Germinal (1913)
Directed by Albert Capellani

Drama
aka: The Toll of Labor

Film Review

Abstract picture representing Germinal (1913)
In the decade leading up to the First World War, cinema had come a long way.  Up until 1910, the vast majority of films being made around the world were shorts, but by 1914 the feature-length film was beginning to take over, and in France the man who was mostly responsible for this was Albert Capellani, one of Pathé's leading lights.  Appointed artistic director of the company's subsidiary SCAGI (la Société Cinématographique des Auteurs et Gens de Lettres) in 1908, Capellani was tasked with making prestigious adaptations of French literary works, and in doing so he helped to place France at the forefront of cinematic achievement.  Such was Capellani's standing at the time that there was virtually no one to compare with him.  America's D.W. Griffith was arguably the only other director who made a comparable impact in the early 1910s, in terms of both quality and quantity of output.

Capellani's inspired adaptation of Émile Zola's classic novel Germinal, first released in 1913, is testament to both the director's artistic powers and the confidence that Pathé had in him.  Running to two hours in length, this was a blockbuster production of the kind that was virtually unheard of at the time, and its phenomenal popularity not only shored up Capellani's reputation, it also ensured that the feature film would soon become cinema's main attraction.  Prior to this, Capellani had directed another impressive Zola adaptation, L'Assommoir (1909), and a superlative attempt at another monumental work of French literature, Les Misérables (1913).  With an ample budget that allowed him to construct massive sets and hire a cast of hundreds, Capellani was allowed to do what few other filmmakers had been able to do prior to him - to deliver screen interpretations of familiar novels that more than did justice to the original material, and without looking like filmed stage plays.

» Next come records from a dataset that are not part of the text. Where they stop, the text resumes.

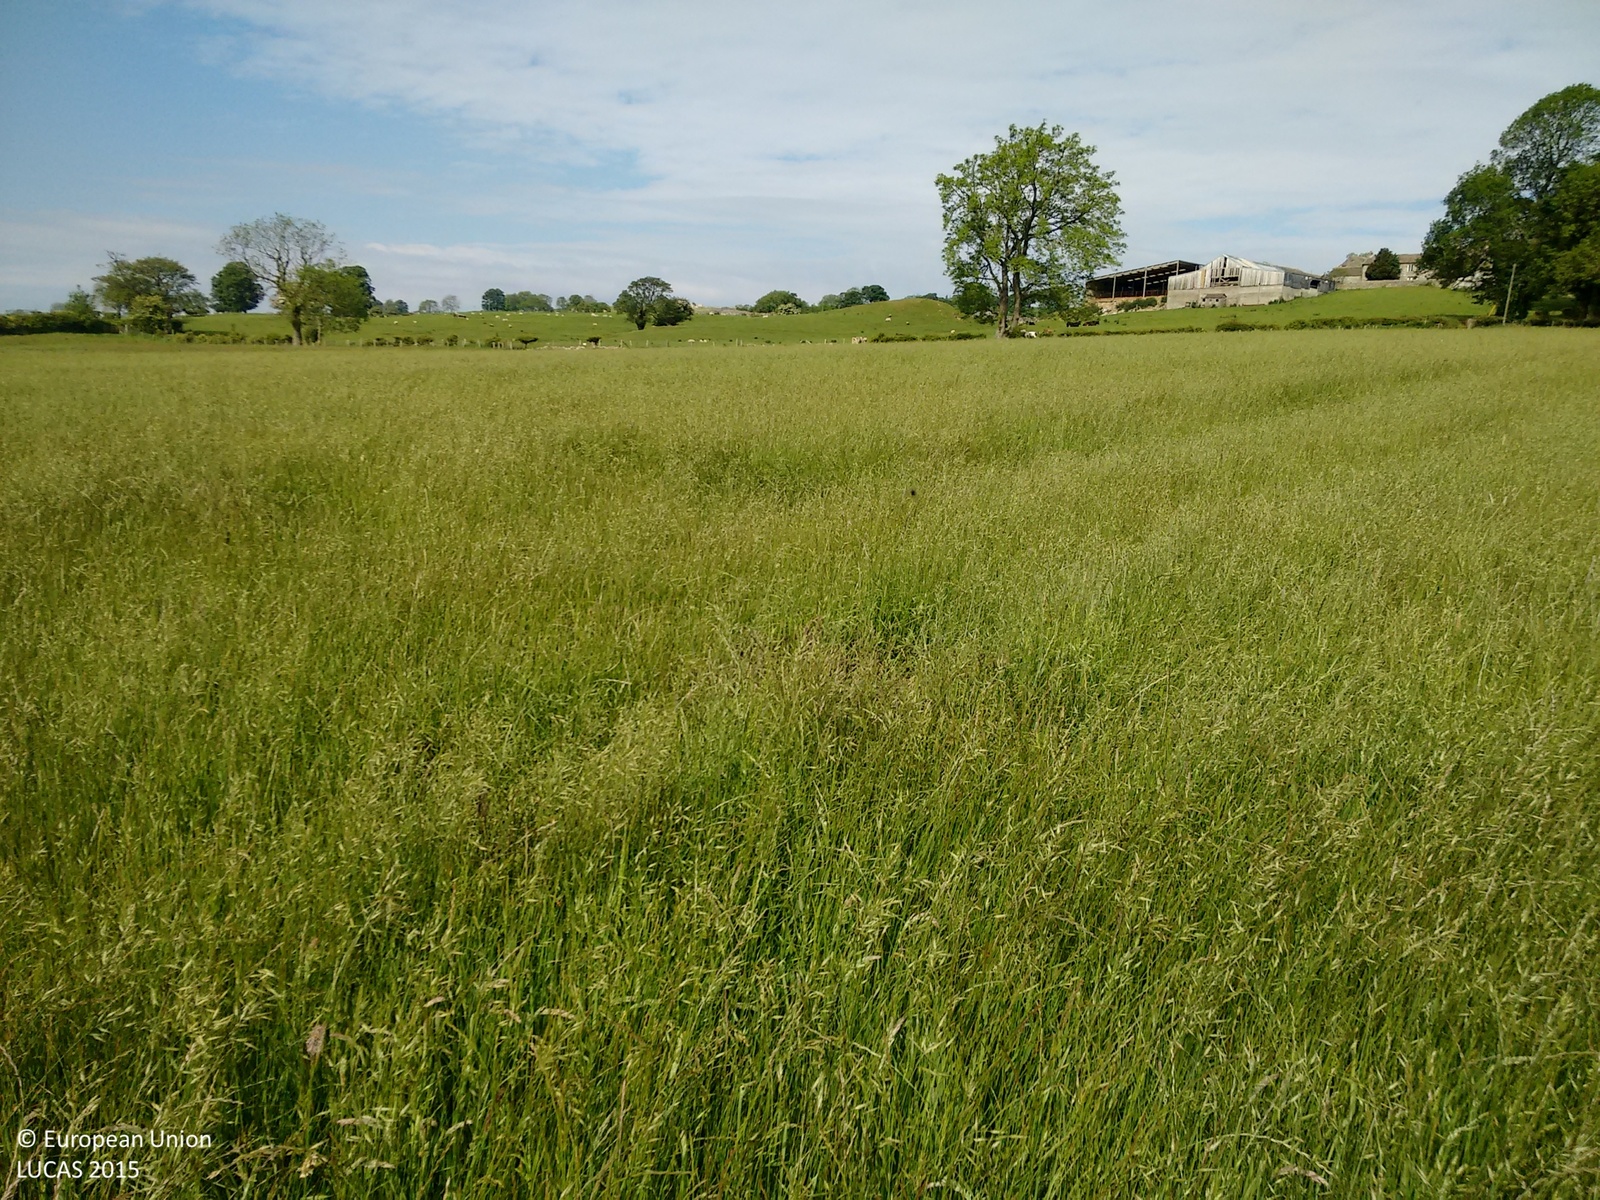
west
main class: Grassland
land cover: Grassland without tree/shrub cover
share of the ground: > 75 %
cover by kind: herbaceous plants 100 %
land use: Agriculture (excluding fallow land and kitchen gardens)
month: June
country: GB
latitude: 54.2710
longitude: -1.8626
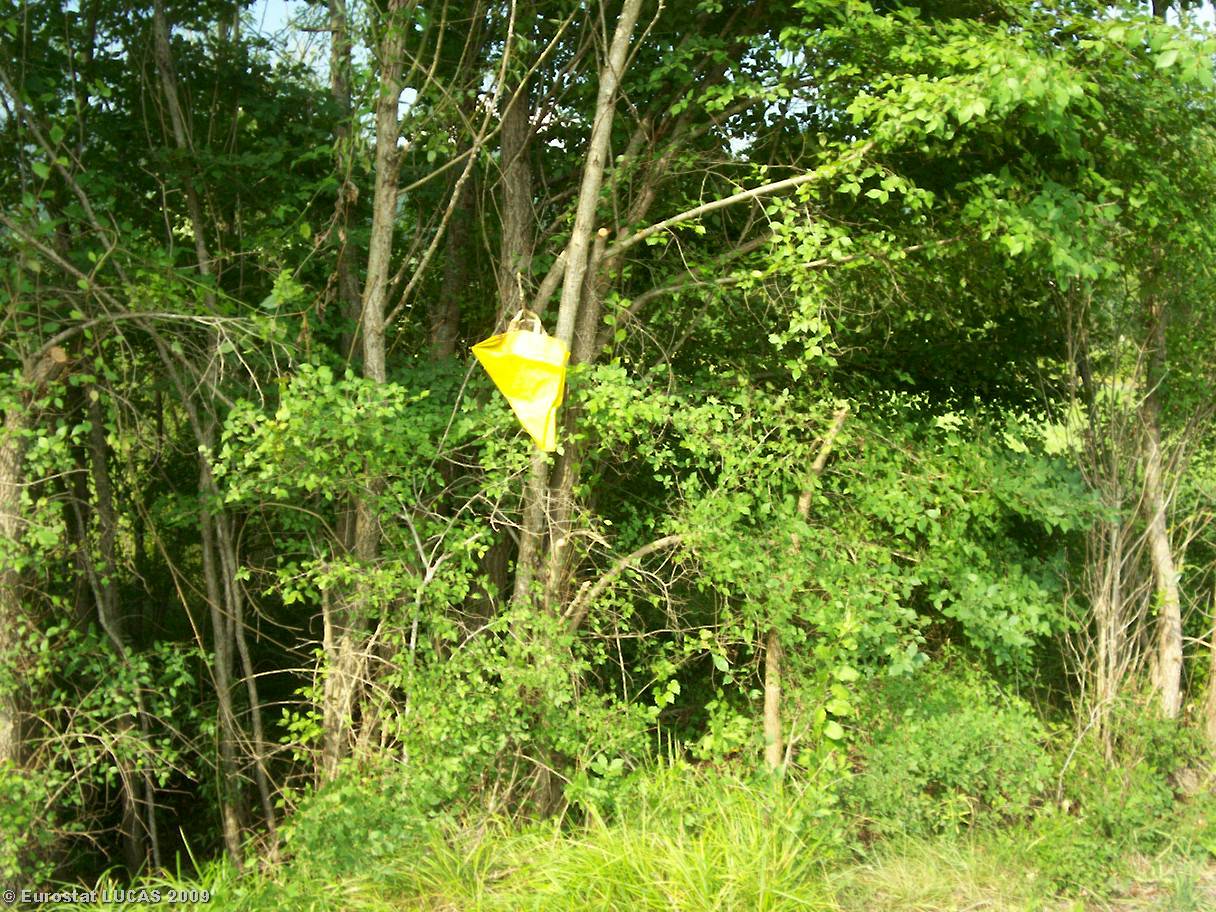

It is now over a hundred since Capellani's Germinal was made but it still continues to impress with the sheer scale of its ambition.  You only have to watch more recent adaptations of the novel - one by Yves Allégret in 1963, another by Claude Berri in 1993 - to see what difficulties adapting this sprawling epic of a novel presents, even to accomplished filmmakers.  Without recourse to the kind of special effects that film directors now take for granted, Capellani had an almighty challenge realising the novel's famous set-pieces, notably the flooding of the mine at its apocalyptic climax.  Unable to film in a real mine for safety reasons, Capellani had to construct full-size mock-ups of the mining galleries in the studio, and these are so well constructed and so carefully shot that you could hardly fail to mistake them for the real thing.

Albert Capellani's particular forte was creating powerful compositions which bring home the drama and poignancy of his subject without resort to the kind of melodramatic sleights of hand that less capable directors tend to fall back on.  Germinal abounds with examples of this.  The stand-off between the miners and the armed militia (eerily reminiscent of a similar scene in Sergei Eisenstein's Battleship Potemkin, made twelve years later) and its solemn aftermath serve up some stark images that stay lodged in your head for long after you have watched the film.  A street brawl involving the hero Lantier and his romantic rival has a fierceness that you would hardly expect for a film of this era, but for visual impact and shock value nothing surpasses the scene of utter devastation in the flooded mine at the film's climax.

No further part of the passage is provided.